Language, Consciousness and Intelligence?
Saturday, September 13, 2003
 
The Age of Intelligent Machines: Can Machines Think?(Dennett): "No conceivable computer could overpower a combinatorial explosion with sheer speed and size. Since the problem areas addressed by artificial intelligence are veritable minefields of combinatorial explosion, and since it has often proved difficult to find any solution to a problem that avoids them, there is considerable plausibility in Newell and Simon's proposal that avoiding combinatorial explosion (by any means at all) be viewed as one of the hallmarks of intelligence."
 
 
Turing Test: 50 Years Later (A. P. Saygin 1 , I. Cicekli 2 & V. Akman)
"after 50 years, all that we have are some very rudimentary chatbots (Section 6),
serendipitous FSAs (Bringsjord, 1994), unrealizable Chinese rooms (Searle, 1980)
and Aunt Bubbles machines (Block, 1981, 1995)."

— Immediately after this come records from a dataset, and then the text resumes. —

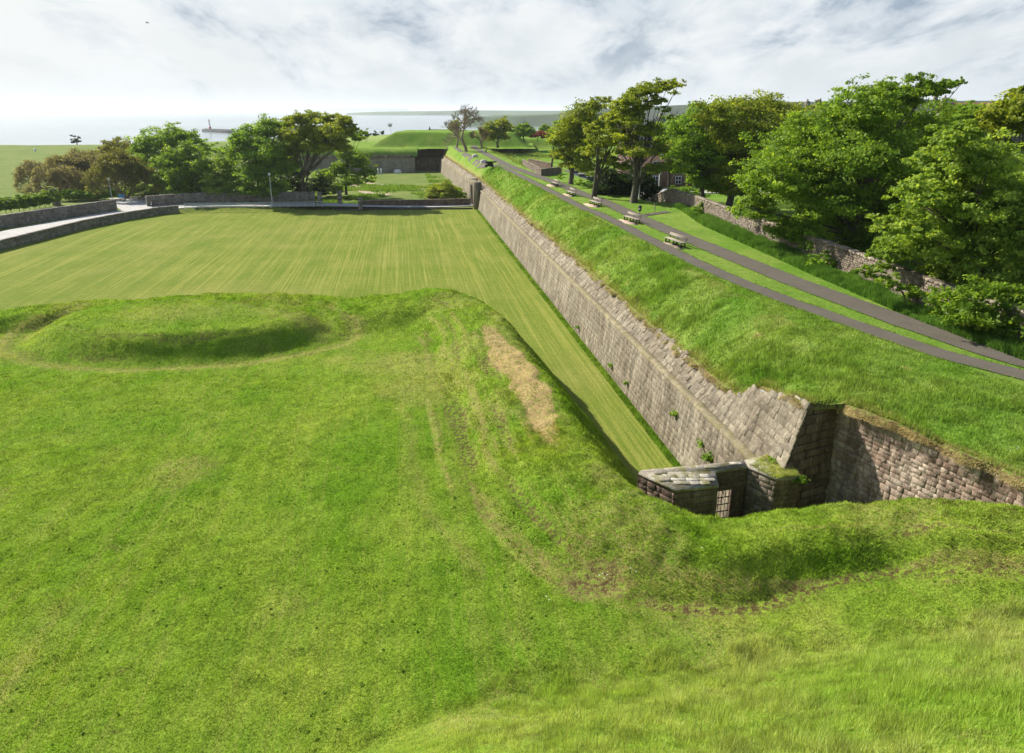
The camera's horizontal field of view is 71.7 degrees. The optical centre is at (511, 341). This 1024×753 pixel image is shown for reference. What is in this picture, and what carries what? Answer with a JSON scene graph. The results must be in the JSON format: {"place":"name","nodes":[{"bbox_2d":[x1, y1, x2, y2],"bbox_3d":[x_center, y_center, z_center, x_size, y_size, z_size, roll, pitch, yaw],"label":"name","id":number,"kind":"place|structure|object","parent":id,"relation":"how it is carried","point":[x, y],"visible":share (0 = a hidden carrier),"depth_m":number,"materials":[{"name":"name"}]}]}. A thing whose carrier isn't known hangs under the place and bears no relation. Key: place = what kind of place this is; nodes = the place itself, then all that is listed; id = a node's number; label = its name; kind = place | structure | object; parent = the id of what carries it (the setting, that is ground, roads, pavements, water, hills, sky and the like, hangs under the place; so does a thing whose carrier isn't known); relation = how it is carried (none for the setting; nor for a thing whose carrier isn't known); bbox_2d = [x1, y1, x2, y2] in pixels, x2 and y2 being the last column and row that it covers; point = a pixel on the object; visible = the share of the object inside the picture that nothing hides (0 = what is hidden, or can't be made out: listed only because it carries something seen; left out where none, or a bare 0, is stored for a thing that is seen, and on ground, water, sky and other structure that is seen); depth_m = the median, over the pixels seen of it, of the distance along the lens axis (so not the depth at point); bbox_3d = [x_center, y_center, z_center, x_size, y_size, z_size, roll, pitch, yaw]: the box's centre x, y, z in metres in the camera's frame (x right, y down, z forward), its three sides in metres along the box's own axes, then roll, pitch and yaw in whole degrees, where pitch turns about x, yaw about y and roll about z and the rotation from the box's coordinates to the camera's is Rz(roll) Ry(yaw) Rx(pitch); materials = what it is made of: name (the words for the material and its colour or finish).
{"place":"outdoors","nodes":[
{"label":"outdoors","id":0,"kind":"place"},
{"bbox_2d":[109,196,151,209],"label":"path","id":1,"kind":"structure","parent":0,"point":[129,203],"depth_m":151.36,"materials":[{"name":"white concrete"}]},
{"bbox_2d":[0,142,472,250],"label":"ground","id":2,"kind":"structure","parent":0,"point":[12,157],"depth_m":211.75,"materials":[{"name":"green plant"}]},
{"bbox_2d":[0,186,62,213],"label":"hedge","id":3,"kind":"object","parent":2,"relation":"on","point":[24,201],"visible":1,"depth_m":139.72,"materials":[{"name":"green plant"}]},
{"bbox_2d":[12,159,65,191],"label":"budding tree","id":4,"kind":"object","parent":2,"relation":"on","point":[24,172],"visible":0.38,"depth_m":171.44,"materials":[{"name":"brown plant"}]},
{"bbox_2d":[19,163,89,197],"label":"budding tree","id":5,"kind":"object","parent":2,"relation":"on","point":[56,177],"visible":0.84,"depth_m":157.91,"materials":[{"name":"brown plant"}]},
{"bbox_2d":[0,199,117,228],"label":"roadside wall","id":6,"kind":"structure","parent":2,"relation":"on","point":[32,216],"depth_m":129.34,"materials":[{"name":"grey stone"}]},
{"bbox_2d":[37,146,103,188],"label":"budding tree","id":7,"kind":"object","parent":2,"relation":"on","point":[79,160],"visible":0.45,"depth_m":167.57,"materials":[{"name":"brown plant"}]},
{"bbox_2d":[69,135,81,144],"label":"windswept tree","id":8,"kind":"object","parent":2,"relation":"on","point":[76,141],"visible":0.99,"depth_m":376.51,"materials":[{"name":"green plant"}]},
{"bbox_2d":[60,188,118,200],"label":"hedge","id":9,"kind":"object","parent":2,"relation":"on","point":[72,194],"visible":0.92,"depth_m":155.22,"materials":[{"name":"green plant"}]},
{"bbox_2d":[0,205,178,249],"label":"kerb wall","id":10,"kind":"structure","parent":2,"relation":"on","point":[33,236],"depth_m":123.25,"materials":[{"name":"grey stone"}]},
{"bbox_2d":[67,149,128,189],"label":"budding tree","id":11,"kind":"object","parent":2,"relation":"on","point":[91,151],"visible":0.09,"depth_m":177.13,"materials":[{"name":"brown plant"}]},
{"bbox_2d":[93,136,138,157],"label":"leafy tree","id":12,"kind":"object","parent":2,"relation":"on","point":[107,146],"visible":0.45,"depth_m":184.69,"materials":[{"name":"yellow plant"}]},
{"bbox_2d":[80,147,168,199],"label":"budding tree","id":13,"kind":"object","parent":2,"relation":"on","point":[133,170],"visible":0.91,"depth_m":155.65,"materials":[{"name":"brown plant"}]},
{"bbox_2d":[75,141,226,155],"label":"scrub","id":14,"kind":"object","parent":2,"relation":"on","point":[216,150],"visible":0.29,"depth_m":284.24,"materials":[{"name":"green plant"}]},
{"bbox_2d":[120,182,211,194],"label":"bush","id":15,"kind":"object","parent":2,"relation":"on","point":[150,192],"visible":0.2,"depth_m":166.59,"materials":[{"name":"green plant"}]},
{"bbox_2d":[121,121,213,173],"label":"leafy tree","id":16,"kind":"object","parent":2,"relation":"on","point":[146,147],"visible":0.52,"depth_m":168.13,"materials":[{"name":"green plant"}]},
{"bbox_2d":[148,139,213,193],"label":"leafy tree","id":17,"kind":"object","parent":2,"relation":"on","point":[189,160],"visible":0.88,"depth_m":156.26,"materials":[{"name":"green plant"}]},
{"bbox_2d":[199,152,244,195],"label":"leafy tree","id":18,"kind":"object","parent":2,"relation":"on","point":[217,179],"visible":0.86,"depth_m":153.92,"materials":[{"name":"green plant"}]},
{"bbox_2d":[145,191,315,205],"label":"roadside wall","id":19,"kind":"structure","parent":2,"relation":"on","point":[203,197],"depth_m":153.37,"materials":[{"name":"grey stone"}]},
{"bbox_2d":[221,113,304,197],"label":"leafy tree","id":20,"kind":"object","parent":2,"relation":"on","point":[243,146],"visible":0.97,"depth_m":151.13,"materials":[{"name":"green plant"}]},
{"bbox_2d":[276,168,331,194],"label":"bush","id":21,"kind":"object","parent":2,"relation":"on","point":[321,186],"visible":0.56,"depth_m":164.63,"materials":[{"name":"green plant"}]},
{"bbox_2d":[271,109,359,191],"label":"windswept tree","id":22,"kind":"object","parent":2,"relation":"on","point":[336,131],"visible":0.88,"depth_m":151.04,"materials":[{"name":"green plant"}]},
{"bbox_2d":[309,128,378,194],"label":"leafy tree","id":23,"kind":"object","parent":2,"relation":"on","point":[355,159],"visible":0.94,"depth_m":165.60,"materials":[{"name":"green plant"}]},
{"bbox_2d":[249,149,444,172],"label":"bastion","id":24,"kind":"object","parent":2,"relation":"on","point":[426,159],"visible":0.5,"depth_m":234.95,"materials":[{"name":"stone"}]},
{"bbox_2d":[362,198,470,207],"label":"moat wall","id":25,"kind":"structure","parent":2,"relation":"on","point":[462,201],"depth_m":152.48,"materials":[{"name":"stone"}]},
{"bbox_2d":[424,179,463,198],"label":"round shrub","id":26,"kind":"object","parent":2,"relation":"on","point":[445,188],"visible":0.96,"depth_m":161.87,"materials":[{"name":"green plant"}]},
{"bbox_2d":[454,187,467,197],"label":"round shrub","id":27,"kind":"object","parent":2,"relation":"on","point":[461,194],"visible":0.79,"depth_m":162.17,"materials":[{"name":"green plant"}]},
{"bbox_2d":[0,203,472,238],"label":"road","id":28,"kind":"structure","parent":0,"point":[15,232],"depth_m":145.13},
{"bbox_2d":[317,192,322,206],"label":"stone pillar","id":29,"kind":"structure","parent":28,"relation":"on","point":[319,195],"depth_m":150.01,"materials":[{"name":"grey stone"}]},
{"bbox_2d":[336,191,341,203],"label":"stone pillar","id":30,"kind":"structure","parent":28,"relation":"on","point":[339,196],"depth_m":151.31,"materials":[{"name":"grey stone"}]},
{"bbox_2d":[95,108,409,110],"bbox_3d":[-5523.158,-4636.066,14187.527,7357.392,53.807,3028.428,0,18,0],"label":"hill","id":31,"kind":"structure","parent":0,"point":[358,109],"depth_m":12880.21,"materials":[{"name":"green plant"}]},
{"bbox_2d":[276,141,417,155],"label":"rampart bank","id":32,"kind":"structure","parent":0,"point":[362,147],"depth_m":235.60,"materials":[{"name":"green plant"}]},
{"bbox_2d":[0,109,718,144],"bbox_3d":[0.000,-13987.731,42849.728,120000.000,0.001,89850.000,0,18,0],"label":"sea","id":33,"kind":"structure","parent":0,"point":[45,126],"depth_m":1778.48,"materials":[{"name":"liquid"}]},
{"bbox_2d":[202,128,237,132],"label":"pier","id":34,"kind":"structure","parent":33,"relation":"in","point":[217,130],"depth_m":1023.13,"materials":[{"name":"concrete"}]},
{"bbox_2d":[315,173,467,202],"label":"grass","id":35,"kind":"structure","parent":0,"point":[393,188],"depth_m":182.52,"materials":[{"name":"green plant"}]},
{"bbox_2d":[0,206,793,517],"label":"ground","id":36,"kind":"structure","parent":0,"point":[327,251],"depth_m":95.37,"materials":[{"name":"green plant"}]},
{"bbox_2d":[184,201,321,208],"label":"railing","id":37,"kind":"object","parent":36,"relation":"on","point":[262,204],"visible":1,"depth_m":145.27,"materials":[{"name":"metal"}]},
{"bbox_2d":[357,198,362,209],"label":"stone pillar","id":38,"kind":"structure","parent":36,"relation":"on","point":[360,204],"depth_m":145.52,"materials":[{"name":"grey stone"}]},
{"bbox_2d":[335,208,472,210],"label":"kerb","id":39,"kind":"structure","parent":36,"relation":"on","point":[401,209],"depth_m":147.80,"materials":[{"name":"grey stone"}]},
{"bbox_2d":[476,209,681,466],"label":"grass","id":40,"kind":"structure","parent":36,"relation":"on","point":[654,436],"depth_m":58.18,"materials":[{"name":"green plant"}]},
{"bbox_2d":[637,454,798,517],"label":"gatehouse block","id":41,"kind":"structure","parent":36,"relation":"on","point":[695,489],"depth_m":31.93,"materials":[{"name":"stone"}]},
{"bbox_2d":[791,474,810,484],"bbox_3d":[12.796,6.177,31.645,0.781,0.398,0.763,0,18,0],"label":"wall plant","id":42,"kind":"object","parent":41,"relation":"attached to","point":[801,479],"depth_m":31.52,"materials":[{"name":"green plant"}]},
{"bbox_2d":[439,156,1023,518],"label":"rampart wall","id":43,"kind":"structure","parent":36,"relation":"on","point":[839,455],"depth_m":37.56,"materials":[{"name":"stone"}]},
{"bbox_2d":[701,451,712,461],"bbox_3d":[10.619,6.264,38.061,0.921,0.598,0.873,0,18,0],"label":"wall plant","id":44,"kind":"object","parent":43,"relation":"attached to","point":[706,457],"depth_m":38.04,"materials":[{"name":"green plant"}]},
{"bbox_2d":[203,133,608,157],"bbox_3d":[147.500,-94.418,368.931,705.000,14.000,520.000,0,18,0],"label":"ground","id":45,"kind":"structure","parent":0,"point":[377,138],"depth_m":441.35,"materials":[{"name":"green plant"}]},
{"bbox_2d":[354,130,383,141],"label":"scrub","id":46,"kind":"object","parent":45,"relation":"on","point":[368,134],"visible":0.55,"depth_m":299.61,"materials":[{"name":"green plant"}]},
{"bbox_2d":[369,130,535,148],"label":"mound","id":47,"kind":"object","parent":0,"point":[426,139],"visible":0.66,"depth_m":247.17,"materials":[{"name":"green plant"}]},
{"bbox_2d":[512,122,535,141],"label":"leafy tree","id":48,"kind":"object","parent":47,"relation":"on","point":[523,130],"visible":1,"depth_m":255.01,"materials":[{"name":"green plant"}]},
{"bbox_2d":[347,110,564,114],"bbox_3d":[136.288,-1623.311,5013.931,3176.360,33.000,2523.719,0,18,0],"label":"hill","id":49,"kind":"structure","parent":0,"point":[495,112],"depth_m":3947.20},
{"bbox_2d":[452,146,506,168],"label":"path","id":50,"kind":"structure","parent":0,"point":[465,154],"depth_m":184.39,"materials":[{"name":"grey concrete"}]},
{"bbox_2d":[0,287,1023,752],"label":"lawn","id":51,"kind":"structure","parent":0,"point":[586,582],"depth_m":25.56,"materials":[{"name":"green plant"}]},
{"bbox_2d":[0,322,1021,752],"bbox_3d":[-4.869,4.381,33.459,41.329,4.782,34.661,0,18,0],"label":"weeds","id":52,"kind":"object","parent":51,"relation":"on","point":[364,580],"visible":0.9,"depth_m":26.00,"materials":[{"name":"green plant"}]},
{"bbox_2d":[304,591,1023,752],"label":"grass","id":53,"kind":"structure","parent":51,"relation":"on","point":[958,652],"depth_m":16.67,"materials":[{"name":"green plant"}]},
{"bbox_2d":[584,203,598,207],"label":"path","id":54,"kind":"structure","parent":0,"point":[591,205],"depth_m":92.66,"materials":[{"name":"beige concrete"}]},
{"bbox_2d":[589,196,602,206],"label":"bench","id":55,"kind":"object","parent":54,"relation":"on","point":[596,202],"visible":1,"depth_m":92.80,"materials":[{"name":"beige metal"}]},
{"bbox_2d":[618,219,637,224],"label":"path","id":56,"kind":"structure","parent":0,"point":[627,222],"depth_m":78.77,"materials":[{"name":"beige concrete"}]},
{"bbox_2d":[624,211,641,223],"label":"bench","id":57,"kind":"object","parent":56,"relation":"on","point":[633,218],"visible":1,"depth_m":79.15,"materials":[{"name":"beige wood"}]},
{"bbox_2d":[639,211,667,215],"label":"path","id":58,"kind":"structure","parent":0,"point":[654,213],"depth_m":85.35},
{"bbox_2d":[664,242,683,249],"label":"path","id":59,"kind":"structure","parent":0,"point":[675,246],"depth_m":65.49,"materials":[{"name":"beige concrete"}]},
{"bbox_2d":[665,232,687,247],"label":"bench","id":60,"kind":"object","parent":59,"relation":"on","point":[676,240],"visible":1,"depth_m":65.59,"materials":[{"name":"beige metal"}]},
{"bbox_2d":[466,101,995,125],"bbox_3d":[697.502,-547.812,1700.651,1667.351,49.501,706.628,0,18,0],"label":"hill","id":61,"kind":"structure","parent":0,"point":[535,119],"depth_m":1403.15,"materials":[{"name":"green plant"}]},
{"bbox_2d":[442,136,1023,475],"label":"rampart bank","id":62,"kind":"structure","parent":0,"point":[675,218],"depth_m":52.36,"materials":[{"name":"green plant"}]},
{"bbox_2d":[447,118,462,147],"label":"bare tree","id":63,"kind":"object","parent":62,"relation":"on","point":[455,129],"visible":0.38,"depth_m":231.00,"materials":[{"name":"brown plant"}]},
{"bbox_2d":[441,104,485,151],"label":"bare tree","id":64,"kind":"object","parent":62,"relation":"on","point":[466,119],"visible":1,"depth_m":209.20,"materials":[{"name":"plant"}]},
{"bbox_2d":[468,126,490,147],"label":"tree","id":65,"kind":"object","parent":62,"relation":"on","point":[484,133],"visible":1,"depth_m":228.62,"materials":[{"name":"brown plant"}]},
{"bbox_2d":[484,161,495,166],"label":"cannon","id":66,"kind":"object","parent":62,"relation":"on","point":[489,163],"visible":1,"depth_m":154.12,"materials":[{"name":"black metal"}]},
{"bbox_2d":[482,115,515,147],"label":"leafy tree","id":67,"kind":"object","parent":62,"relation":"on","point":[498,129],"visible":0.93,"depth_m":233.51,"materials":[{"name":"green plant"}]},
{"bbox_2d":[527,131,548,140],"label":"red bush","id":68,"kind":"object","parent":62,"relation":"on","point":[538,134],"visible":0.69,"depth_m":271.37,"materials":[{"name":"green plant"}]},
{"bbox_2d":[528,159,552,167],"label":"stair wall","id":69,"kind":"structure","parent":62,"relation":"on","point":[542,164],"depth_m":156.55,"materials":[{"name":"stone"}]},
{"bbox_2d":[480,145,603,175],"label":"grass","id":70,"kind":"structure","parent":62,"relation":"on","point":[510,153],"depth_m":227.06,"materials":[{"name":"green plant"}]},
{"bbox_2d":[522,159,561,175],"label":"stair wall","id":71,"kind":"structure","parent":62,"relation":"on","point":[540,171],"depth_m":137.15,"materials":[{"name":"grey stone"}]},
{"bbox_2d":[538,124,549,132],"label":"leafy tree","id":72,"kind":"object","parent":62,"relation":"on","point":[545,127],"visible":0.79,"depth_m":314.75,"materials":[{"name":"green plant"}]},
{"bbox_2d":[546,120,567,166],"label":"leafy tree","id":73,"kind":"object","parent":62,"relation":"on","point":[555,122],"visible":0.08,"depth_m":182.04,"materials":[{"name":"green plant"}]},
{"bbox_2d":[556,174,592,187],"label":"shrub","id":74,"kind":"object","parent":62,"relation":"on","point":[579,182],"visible":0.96,"depth_m":113.11,"materials":[{"name":"green plant"}]},
{"bbox_2d":[542,96,611,184],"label":"windswept tree","id":75,"kind":"object","parent":62,"relation":"on","point":[568,129],"visible":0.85,"depth_m":114.73,"materials":[{"name":"green plant"}]},
{"bbox_2d":[574,108,643,197],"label":"windswept tree","id":76,"kind":"object","parent":62,"relation":"on","point":[593,140],"visible":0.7,"depth_m":97.91,"materials":[{"name":"green plant"}]},
{"bbox_2d":[584,164,663,199],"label":"dark bush","id":77,"kind":"object","parent":62,"relation":"on","point":[617,182],"visible":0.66,"depth_m":103.58,"materials":[{"name":"green plant"}]},
{"bbox_2d":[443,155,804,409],"bbox_3d":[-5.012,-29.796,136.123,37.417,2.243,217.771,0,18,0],"label":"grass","id":78,"kind":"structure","parent":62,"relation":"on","point":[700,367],"depth_m":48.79,"materials":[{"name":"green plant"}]},
{"bbox_2d":[604,77,686,202],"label":"windswept tree","id":79,"kind":"object","parent":62,"relation":"on","point":[627,118],"visible":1,"depth_m":91.28,"materials":[{"name":"green plant"}]},
{"bbox_2d":[653,121,682,188],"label":"leafy tree","id":80,"kind":"object","parent":62,"relation":"on","point":[667,138],"visible":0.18,"depth_m":112.33,"materials":[{"name":"green plant"}]},
{"bbox_2d":[616,133,728,187],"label":"house","id":81,"kind":"structure","parent":62,"relation":"on","point":[678,179],"depth_m":134.70,"materials":[{"name":"brown brick"}]},
{"bbox_2d":[675,176,681,183],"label":"window","id":82,"kind":"structure","parent":81,"relation":"in","point":[677,178],"depth_m":134.67,"materials":[{"name":"white glass"}]},
{"bbox_2d":[651,188,693,206],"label":"boundary wall","id":83,"kind":"structure","parent":62,"relation":"on","point":[672,196],"depth_m":93.98,"materials":[{"name":"grey stone"}]},
{"bbox_2d":[668,185,710,197],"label":"shrub","id":84,"kind":"object","parent":62,"relation":"on","point":[695,190],"visible":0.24,"depth_m":103.97,"materials":[{"name":"green plant"}]},
{"bbox_2d":[691,201,703,213],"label":"shrub","id":85,"kind":"object","parent":62,"relation":"on","point":[699,205],"visible":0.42,"depth_m":84.09,"materials":[{"name":"green plant"}]},
{"bbox_2d":[661,100,740,197],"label":"sycamore tree","id":86,"kind":"object","parent":62,"relation":"on","point":[692,154],"visible":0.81,"depth_m":93.96,"materials":[{"name":"green plant"}]},
{"bbox_2d":[687,88,810,206],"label":"sycamore tree","id":87,"kind":"object","parent":62,"relation":"on","point":[751,116],"visible":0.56,"depth_m":90.62,"materials":[{"name":"green plant"}]},
{"bbox_2d":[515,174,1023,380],"bbox_3d":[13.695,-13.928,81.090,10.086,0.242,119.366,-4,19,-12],"label":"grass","id":88,"kind":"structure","parent":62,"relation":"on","point":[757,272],"depth_m":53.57,"materials":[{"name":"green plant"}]},
{"bbox_2d":[788,98,829,121],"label":"leafy tree","id":89,"kind":"object","parent":62,"relation":"on","point":[816,101],"visible":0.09,"depth_m":112.67,"materials":[{"name":"green plant"}]},
{"bbox_2d":[805,250,837,267],"bbox_3d":[25.133,-6.160,55.806,3.699,2.041,2.710,-3,18,-10],"label":"shrub","id":90,"kind":"object","parent":62,"relation":"on","point":[816,260],"visible":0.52,"depth_m":55.64,"materials":[{"name":"green plant"}]},
{"bbox_2d":[673,202,1023,359],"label":"grass","id":91,"kind":"structure","parent":62,"relation":"on","point":[878,292],"depth_m":50.30,"materials":[{"name":"green plant"}]},
{"bbox_2d":[692,195,1023,339],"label":"boundary wall","id":92,"kind":"structure","parent":62,"relation":"on","point":[847,258],"depth_m":54.09,"materials":[{"name":"grey stone"}]},
{"bbox_2d":[725,71,996,263],"bbox_3d":[29.923,-14.897,62.411,23.184,16.218,18.348,0,18,0],"label":"sycamore tree","id":93,"kind":"object","parent":62,"relation":"on","point":[869,138],"visible":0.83,"depth_m":59.34,"materials":[{"name":"green plant"}]},
{"bbox_2d":[847,263,918,302],"bbox_3d":[24.141,-3.313,45.298,5.258,3.151,2.321,-4,19,-13],"label":"shrub","id":94,"kind":"object","parent":62,"relation":"on","point":[890,284],"visible":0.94,"depth_m":44.98,"materials":[{"name":"green plant"}]},
{"bbox_2d":[864,117,1023,305],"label":"sycamore tree","id":95,"kind":"object","parent":62,"relation":"on","point":[978,194],"visible":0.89,"depth_m":42.43,"materials":[{"name":"green plant"}]},
{"bbox_2d":[938,97,990,137],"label":"leafy tree","id":96,"kind":"object","parent":62,"relation":"on","point":[969,104],"visible":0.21,"depth_m":80.36,"materials":[{"name":"green plant"}]},
{"bbox_2d":[911,274,1023,340],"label":"shrub","id":97,"kind":"object","parent":62,"relation":"on","point":[979,314],"visible":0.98,"depth_m":38.39,"materials":[{"name":"green plant"}]},
{"bbox_2d":[962,85,1023,224],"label":"sycamore tree","id":98,"kind":"object","parent":62,"relation":"on","point":[1005,111],"visible":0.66,"depth_m":58.96,"materials":[{"name":"green plant"}]},
{"bbox_2d":[470,145,1023,366],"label":"path","id":99,"kind":"structure","parent":0,"point":[886,315],"depth_m":49.69,"materials":[{"name":"grey asphalt"}]},
{"bbox_2d":[495,164,1023,379],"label":"path","id":100,"kind":"structure","parent":0,"point":[907,342],"depth_m":45.19,"materials":[{"name":"grey asphalt"}]},
{"bbox_2d":[748,454,800,477],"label":"grass","id":101,"kind":"structure","parent":0,"point":[792,473],"depth_m":32.04,"materials":[{"name":"green plant"}]},
{"bbox_2d":[812,376,1023,489],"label":"rampart bank","id":102,"kind":"structure","parent":0,"point":[912,429],"depth_m":29.44,"materials":[{"name":"green plant"}]},
{"bbox_3d":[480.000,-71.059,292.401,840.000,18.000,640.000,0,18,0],"label":"ground","id":103,"kind":"structure","parent":0,"visible":0},
{"bbox_2d":[916,96,938,113],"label":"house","id":104,"kind":"structure","parent":103,"relation":"on","point":[935,98],"depth_m":196.31,"materials":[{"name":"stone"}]},
{"bbox_2d":[936,95,1021,153],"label":"house","id":105,"kind":"structure","parent":103,"relation":"on","point":[1016,136],"depth_m":159.91,"materials":[{"name":"ceramic"}]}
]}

"We have failed to fulfill Turing’s prophecy in the first 50 years of the TT.We should
admit that we have a difficult task at hand."
 
 
Psychologism and Behaviorism (Ned Block 1981): "So long as the programmers have done their job properly, such a machine will have the capacity to emit a sensible sequence of verbal outputs, whatever the verbal inputs, and hence it is intelligent according to the neo-Turing Test conception of intelligence. But actually, the machine has the intelligence of a toaster. "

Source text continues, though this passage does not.